Le Temps

Un traître à la patrie?

- SERVAN PECA @servanpeca

Nestlé doit beaucoup à sa suissitude. Le groupe ne devrait pas négliger cette image d’excellence que possède le pays

Pour ceux qui n’avaient pas encore compris, le message est cette fois-ci on ne peut plus clair. Nestlé, en décidant de délocalise­r ses services informatiq­ues et une partie des employés de Nespresso, confirme la direction prise depuis l’arrivée de son patron Mark Schneider, en janvier 2017.

Le groupe veut devenir plus rentable et, pour cela, il n’hésite pas à trancher dans le vif. Il n’y a plus aucun tabou. Y compris en Suisse, son lieu de naissance, sa patrie, la domiciliat­ion juridique de son siège mondial.

Nestlé est-il pour autant un traître à la nation? Mardi, l’Etat de Vaud a immédiatem­ent demandé audience. Mais il ne faut pas attendre grand-chose de cette rencontre. Une diminution du nombre de postes supprimés, au mieux. Des mesures d’accompagne­ment pour les victimes de cette restructur­ation, sans aucun doute.

Certes, la décision de réduire ses effectifs en Suisse est délicate, parce qu’elle touche à l’émotionnel. Elle est choquante parce que le groupe avait toujours préservé sa région de ses impératifs économique­s. Mais cette décision appartient aux règles du marché. Nestlé est une multinatio­nale redevable à ses actionnair­es et, qui plus est, basée dans un pays dont l’économie revendique le non-interventi­onnisme étatique.

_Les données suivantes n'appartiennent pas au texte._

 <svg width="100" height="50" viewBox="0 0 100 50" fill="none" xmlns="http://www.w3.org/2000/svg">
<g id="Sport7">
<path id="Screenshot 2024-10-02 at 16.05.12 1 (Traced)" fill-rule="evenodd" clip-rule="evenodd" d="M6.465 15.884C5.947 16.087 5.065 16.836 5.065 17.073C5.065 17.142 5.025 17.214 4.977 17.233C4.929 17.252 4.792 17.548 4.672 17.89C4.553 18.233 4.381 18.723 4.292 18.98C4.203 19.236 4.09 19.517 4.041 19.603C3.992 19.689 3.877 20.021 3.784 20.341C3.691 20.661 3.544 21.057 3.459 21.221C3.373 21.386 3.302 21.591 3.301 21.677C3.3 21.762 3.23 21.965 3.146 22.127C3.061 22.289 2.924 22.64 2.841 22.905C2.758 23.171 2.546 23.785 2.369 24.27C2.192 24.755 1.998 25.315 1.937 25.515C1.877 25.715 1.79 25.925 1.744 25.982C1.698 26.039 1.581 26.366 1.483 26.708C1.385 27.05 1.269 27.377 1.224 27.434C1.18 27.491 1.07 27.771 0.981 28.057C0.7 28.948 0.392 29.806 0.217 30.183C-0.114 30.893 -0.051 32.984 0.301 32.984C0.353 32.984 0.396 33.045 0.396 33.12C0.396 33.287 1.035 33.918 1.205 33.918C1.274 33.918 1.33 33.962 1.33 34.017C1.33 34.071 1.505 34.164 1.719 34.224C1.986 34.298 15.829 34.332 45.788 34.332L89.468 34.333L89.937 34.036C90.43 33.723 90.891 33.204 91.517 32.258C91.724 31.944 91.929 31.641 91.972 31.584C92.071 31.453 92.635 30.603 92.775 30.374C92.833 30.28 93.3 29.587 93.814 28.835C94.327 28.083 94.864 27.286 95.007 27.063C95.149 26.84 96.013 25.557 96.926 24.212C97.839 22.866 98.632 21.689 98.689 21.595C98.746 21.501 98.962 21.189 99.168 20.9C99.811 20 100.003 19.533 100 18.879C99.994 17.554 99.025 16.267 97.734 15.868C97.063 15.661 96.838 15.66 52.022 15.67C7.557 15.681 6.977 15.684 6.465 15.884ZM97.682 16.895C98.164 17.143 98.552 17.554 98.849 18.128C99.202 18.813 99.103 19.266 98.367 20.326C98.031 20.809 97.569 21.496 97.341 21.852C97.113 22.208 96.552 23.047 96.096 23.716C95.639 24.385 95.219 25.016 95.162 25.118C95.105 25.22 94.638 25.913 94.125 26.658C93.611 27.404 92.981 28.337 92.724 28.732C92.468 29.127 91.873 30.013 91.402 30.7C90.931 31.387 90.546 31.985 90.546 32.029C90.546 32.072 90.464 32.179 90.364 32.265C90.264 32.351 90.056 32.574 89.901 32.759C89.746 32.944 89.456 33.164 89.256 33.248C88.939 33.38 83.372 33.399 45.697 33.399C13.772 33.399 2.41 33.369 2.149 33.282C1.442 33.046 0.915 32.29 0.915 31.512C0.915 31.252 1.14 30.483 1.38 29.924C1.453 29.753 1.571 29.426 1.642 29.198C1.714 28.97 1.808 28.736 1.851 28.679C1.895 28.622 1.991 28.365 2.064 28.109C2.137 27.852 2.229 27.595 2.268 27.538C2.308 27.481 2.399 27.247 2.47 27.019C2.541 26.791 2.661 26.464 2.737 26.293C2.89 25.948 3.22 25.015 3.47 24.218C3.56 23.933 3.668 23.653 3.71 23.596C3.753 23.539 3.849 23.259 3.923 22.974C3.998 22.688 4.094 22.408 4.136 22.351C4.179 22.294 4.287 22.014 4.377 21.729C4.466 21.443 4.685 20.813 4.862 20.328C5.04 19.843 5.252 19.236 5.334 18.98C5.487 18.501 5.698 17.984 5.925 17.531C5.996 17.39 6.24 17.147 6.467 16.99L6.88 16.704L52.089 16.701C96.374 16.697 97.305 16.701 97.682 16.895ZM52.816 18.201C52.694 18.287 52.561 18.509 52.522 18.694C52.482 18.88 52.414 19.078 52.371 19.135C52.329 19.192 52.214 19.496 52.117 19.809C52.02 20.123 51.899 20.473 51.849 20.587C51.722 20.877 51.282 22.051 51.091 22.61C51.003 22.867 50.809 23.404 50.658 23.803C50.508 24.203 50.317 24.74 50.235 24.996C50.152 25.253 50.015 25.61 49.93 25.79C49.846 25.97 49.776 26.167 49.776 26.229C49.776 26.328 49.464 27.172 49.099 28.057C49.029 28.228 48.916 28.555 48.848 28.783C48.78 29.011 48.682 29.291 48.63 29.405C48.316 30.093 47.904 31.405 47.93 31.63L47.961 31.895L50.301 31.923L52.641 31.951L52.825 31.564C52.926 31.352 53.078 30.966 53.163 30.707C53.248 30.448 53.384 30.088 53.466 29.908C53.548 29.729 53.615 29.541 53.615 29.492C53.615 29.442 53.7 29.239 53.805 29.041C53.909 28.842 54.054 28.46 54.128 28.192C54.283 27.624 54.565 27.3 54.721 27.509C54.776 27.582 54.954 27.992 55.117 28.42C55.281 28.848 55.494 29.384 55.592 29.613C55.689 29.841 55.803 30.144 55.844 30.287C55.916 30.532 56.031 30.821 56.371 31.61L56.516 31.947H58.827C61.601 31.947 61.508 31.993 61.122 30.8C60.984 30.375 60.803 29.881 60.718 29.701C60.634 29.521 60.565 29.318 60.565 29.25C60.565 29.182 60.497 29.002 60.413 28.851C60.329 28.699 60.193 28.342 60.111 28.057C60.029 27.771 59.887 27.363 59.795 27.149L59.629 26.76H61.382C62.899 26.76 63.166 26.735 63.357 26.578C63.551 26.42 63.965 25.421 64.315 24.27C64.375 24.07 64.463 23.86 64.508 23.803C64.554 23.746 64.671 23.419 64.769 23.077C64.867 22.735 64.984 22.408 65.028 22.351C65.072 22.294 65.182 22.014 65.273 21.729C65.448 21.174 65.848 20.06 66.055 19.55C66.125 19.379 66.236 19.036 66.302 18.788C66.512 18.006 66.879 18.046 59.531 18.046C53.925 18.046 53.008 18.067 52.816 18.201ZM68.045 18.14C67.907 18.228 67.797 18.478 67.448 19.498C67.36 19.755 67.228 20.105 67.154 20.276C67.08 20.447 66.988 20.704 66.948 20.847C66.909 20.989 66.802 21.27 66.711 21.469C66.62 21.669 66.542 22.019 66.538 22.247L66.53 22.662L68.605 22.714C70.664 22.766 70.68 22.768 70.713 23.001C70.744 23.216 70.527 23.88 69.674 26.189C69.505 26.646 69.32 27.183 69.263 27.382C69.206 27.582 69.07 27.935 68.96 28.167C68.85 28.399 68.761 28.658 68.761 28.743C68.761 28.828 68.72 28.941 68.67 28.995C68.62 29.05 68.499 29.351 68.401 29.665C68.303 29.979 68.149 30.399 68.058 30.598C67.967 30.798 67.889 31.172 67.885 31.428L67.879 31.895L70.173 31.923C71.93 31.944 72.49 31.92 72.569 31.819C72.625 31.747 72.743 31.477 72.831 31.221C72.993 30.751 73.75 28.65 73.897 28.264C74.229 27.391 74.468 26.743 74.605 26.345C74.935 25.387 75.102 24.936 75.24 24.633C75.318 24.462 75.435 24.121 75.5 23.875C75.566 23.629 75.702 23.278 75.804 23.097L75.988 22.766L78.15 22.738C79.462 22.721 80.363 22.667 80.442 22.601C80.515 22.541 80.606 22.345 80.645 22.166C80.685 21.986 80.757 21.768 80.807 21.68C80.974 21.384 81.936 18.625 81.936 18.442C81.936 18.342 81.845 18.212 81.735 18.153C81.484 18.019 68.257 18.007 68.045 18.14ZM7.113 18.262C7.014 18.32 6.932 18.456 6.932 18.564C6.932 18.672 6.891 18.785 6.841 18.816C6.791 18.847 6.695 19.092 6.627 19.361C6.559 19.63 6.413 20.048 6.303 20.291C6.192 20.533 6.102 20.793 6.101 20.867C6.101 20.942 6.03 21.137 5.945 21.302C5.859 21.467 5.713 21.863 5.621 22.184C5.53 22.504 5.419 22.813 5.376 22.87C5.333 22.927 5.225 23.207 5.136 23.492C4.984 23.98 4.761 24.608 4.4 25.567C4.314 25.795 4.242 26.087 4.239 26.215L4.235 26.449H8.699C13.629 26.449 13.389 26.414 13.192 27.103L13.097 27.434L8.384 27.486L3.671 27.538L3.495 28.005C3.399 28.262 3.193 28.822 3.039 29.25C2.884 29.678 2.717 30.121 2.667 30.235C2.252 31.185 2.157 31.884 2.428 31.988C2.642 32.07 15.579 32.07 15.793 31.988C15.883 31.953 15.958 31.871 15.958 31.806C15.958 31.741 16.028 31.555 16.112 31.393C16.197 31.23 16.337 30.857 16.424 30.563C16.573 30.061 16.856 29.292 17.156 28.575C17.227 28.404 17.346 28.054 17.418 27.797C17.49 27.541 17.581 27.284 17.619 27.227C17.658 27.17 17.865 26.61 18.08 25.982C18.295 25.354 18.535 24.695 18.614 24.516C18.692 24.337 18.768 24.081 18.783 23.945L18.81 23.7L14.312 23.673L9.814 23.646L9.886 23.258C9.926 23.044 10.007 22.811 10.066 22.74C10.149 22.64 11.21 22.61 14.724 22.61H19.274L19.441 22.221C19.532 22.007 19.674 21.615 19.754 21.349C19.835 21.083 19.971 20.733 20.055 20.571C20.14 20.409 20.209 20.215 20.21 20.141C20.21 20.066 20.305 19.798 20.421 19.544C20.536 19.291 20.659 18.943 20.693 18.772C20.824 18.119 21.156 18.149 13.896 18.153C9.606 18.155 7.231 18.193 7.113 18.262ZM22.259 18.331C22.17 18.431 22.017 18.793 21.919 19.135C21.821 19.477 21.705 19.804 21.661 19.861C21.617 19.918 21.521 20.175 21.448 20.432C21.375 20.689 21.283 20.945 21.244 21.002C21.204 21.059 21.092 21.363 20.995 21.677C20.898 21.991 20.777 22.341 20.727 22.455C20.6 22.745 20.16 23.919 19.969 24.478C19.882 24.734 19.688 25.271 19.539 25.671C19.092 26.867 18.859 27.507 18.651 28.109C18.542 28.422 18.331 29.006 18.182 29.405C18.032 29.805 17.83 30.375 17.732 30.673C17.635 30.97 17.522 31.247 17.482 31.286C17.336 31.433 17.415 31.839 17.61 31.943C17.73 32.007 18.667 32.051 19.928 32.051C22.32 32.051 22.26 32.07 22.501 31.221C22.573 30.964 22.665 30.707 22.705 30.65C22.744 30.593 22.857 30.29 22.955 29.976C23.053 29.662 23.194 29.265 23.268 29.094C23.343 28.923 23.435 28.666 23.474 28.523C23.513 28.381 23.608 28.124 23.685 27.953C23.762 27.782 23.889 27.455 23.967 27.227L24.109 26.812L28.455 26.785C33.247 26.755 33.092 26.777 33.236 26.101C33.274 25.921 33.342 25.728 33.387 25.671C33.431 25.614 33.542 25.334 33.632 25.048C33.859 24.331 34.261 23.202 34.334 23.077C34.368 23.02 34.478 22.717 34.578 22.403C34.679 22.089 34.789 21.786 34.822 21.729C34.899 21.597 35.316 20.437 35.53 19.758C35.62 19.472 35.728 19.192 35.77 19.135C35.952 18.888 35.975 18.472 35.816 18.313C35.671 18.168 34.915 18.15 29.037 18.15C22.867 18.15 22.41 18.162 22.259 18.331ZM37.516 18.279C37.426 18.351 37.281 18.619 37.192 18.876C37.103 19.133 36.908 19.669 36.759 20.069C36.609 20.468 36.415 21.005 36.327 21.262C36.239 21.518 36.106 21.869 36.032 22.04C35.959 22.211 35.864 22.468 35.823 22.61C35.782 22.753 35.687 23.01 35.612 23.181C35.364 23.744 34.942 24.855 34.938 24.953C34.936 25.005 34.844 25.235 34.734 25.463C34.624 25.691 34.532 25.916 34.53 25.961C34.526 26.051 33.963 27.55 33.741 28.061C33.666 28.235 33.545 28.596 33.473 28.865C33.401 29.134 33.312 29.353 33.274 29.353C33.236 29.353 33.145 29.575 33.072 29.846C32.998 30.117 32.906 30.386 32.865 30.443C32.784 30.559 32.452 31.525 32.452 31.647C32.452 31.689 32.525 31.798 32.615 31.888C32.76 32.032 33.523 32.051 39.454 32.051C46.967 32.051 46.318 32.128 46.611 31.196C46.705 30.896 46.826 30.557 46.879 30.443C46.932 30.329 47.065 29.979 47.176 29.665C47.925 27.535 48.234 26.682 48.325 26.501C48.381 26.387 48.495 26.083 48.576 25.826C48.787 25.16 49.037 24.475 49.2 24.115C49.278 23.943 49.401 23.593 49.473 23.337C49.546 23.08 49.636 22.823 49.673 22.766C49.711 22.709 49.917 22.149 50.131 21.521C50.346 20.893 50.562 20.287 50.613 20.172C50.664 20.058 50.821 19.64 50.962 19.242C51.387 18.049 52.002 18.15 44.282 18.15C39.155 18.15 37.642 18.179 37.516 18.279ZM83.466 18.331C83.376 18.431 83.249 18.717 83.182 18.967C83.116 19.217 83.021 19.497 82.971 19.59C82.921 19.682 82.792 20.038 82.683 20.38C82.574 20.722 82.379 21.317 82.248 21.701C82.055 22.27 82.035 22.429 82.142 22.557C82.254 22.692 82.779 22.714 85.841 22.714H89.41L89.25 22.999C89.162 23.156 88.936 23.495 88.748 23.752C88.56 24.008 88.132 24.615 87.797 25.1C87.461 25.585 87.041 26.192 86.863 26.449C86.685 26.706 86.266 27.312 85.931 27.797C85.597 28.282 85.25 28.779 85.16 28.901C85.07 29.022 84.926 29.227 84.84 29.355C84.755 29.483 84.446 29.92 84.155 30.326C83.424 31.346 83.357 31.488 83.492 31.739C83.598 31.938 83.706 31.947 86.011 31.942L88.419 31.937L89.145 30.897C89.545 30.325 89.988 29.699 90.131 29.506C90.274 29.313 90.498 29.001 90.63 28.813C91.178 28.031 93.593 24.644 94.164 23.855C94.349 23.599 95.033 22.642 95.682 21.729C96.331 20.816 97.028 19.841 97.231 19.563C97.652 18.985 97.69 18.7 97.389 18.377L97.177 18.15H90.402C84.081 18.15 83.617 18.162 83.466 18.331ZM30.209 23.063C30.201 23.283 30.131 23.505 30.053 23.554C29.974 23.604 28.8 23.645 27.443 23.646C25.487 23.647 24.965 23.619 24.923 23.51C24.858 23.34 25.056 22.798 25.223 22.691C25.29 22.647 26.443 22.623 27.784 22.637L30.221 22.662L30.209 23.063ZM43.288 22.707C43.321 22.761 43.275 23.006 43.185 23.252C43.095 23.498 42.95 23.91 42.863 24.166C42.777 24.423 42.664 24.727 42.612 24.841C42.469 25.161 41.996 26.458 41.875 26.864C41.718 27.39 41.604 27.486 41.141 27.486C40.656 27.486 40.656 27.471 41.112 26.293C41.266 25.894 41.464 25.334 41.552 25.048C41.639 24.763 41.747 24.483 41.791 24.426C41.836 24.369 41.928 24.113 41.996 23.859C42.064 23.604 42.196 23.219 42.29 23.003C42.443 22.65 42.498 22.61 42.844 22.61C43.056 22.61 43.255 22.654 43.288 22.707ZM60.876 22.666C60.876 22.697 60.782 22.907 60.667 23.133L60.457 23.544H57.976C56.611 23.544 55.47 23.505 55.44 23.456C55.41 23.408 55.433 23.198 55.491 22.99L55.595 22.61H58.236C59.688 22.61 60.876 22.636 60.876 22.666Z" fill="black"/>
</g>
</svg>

Que cela plaise ou non, Nestlé fait à peu près ce qu’il veut de la gestion de ses coûts et du versement de ses dividendes.

En plus d’un directeur général qui a été embauché pour sortir Nestlé de son inertie, son conseil d’administra­tion a accueilli cette année des dirigeants reconnus pour leur capacité à rationalis­er: Kasper Rorsted (Adidas), Pablo Isla (Inditex) et Kimberly Ross (ex-Baker Hughes). Plus que jamais, le groupe est piloté par des personnali­tés qui n’ont pas d’attachemen­t particulie­r à la Suisse.

A chaque fois qu’une de ses décisions touche son propre pays, Nestlé se dépêche pourtant de rappeler le nombre d’employés qu’il y compte et les investisse­ments qu’il va y faire ces prochaines années. La direction est donc consciente de cet enjeu stratégiqu­e de rester suisse. C’est une bonne nouvelle pour l’économie nationale, et vaudoise en particulie­r: le groupe a beau trancher dans le vif, il n’a pas oublié qu’ici il a une confiance à conserver.

Nestlé doit beaucoup à sa suissitude. La réputation, les ventes et le positionne­ment de ses produits bénéficien­t de cette image d’excellence que possède le pays dans le monde entier. C’est d’autant plus vrai au moment où Nestlé cherche à la fois à «premiumise­r» ses produits et à les rapprocher de ceux de l’industrie pharmaceut­ique. Perdre cet avantage concurrent­iel unique serait dommageabl­e. Y compris sur le plan financier, puisque c’est bien cela qui régit désormais toutes les décisions stratégiqu­es de Nestlé.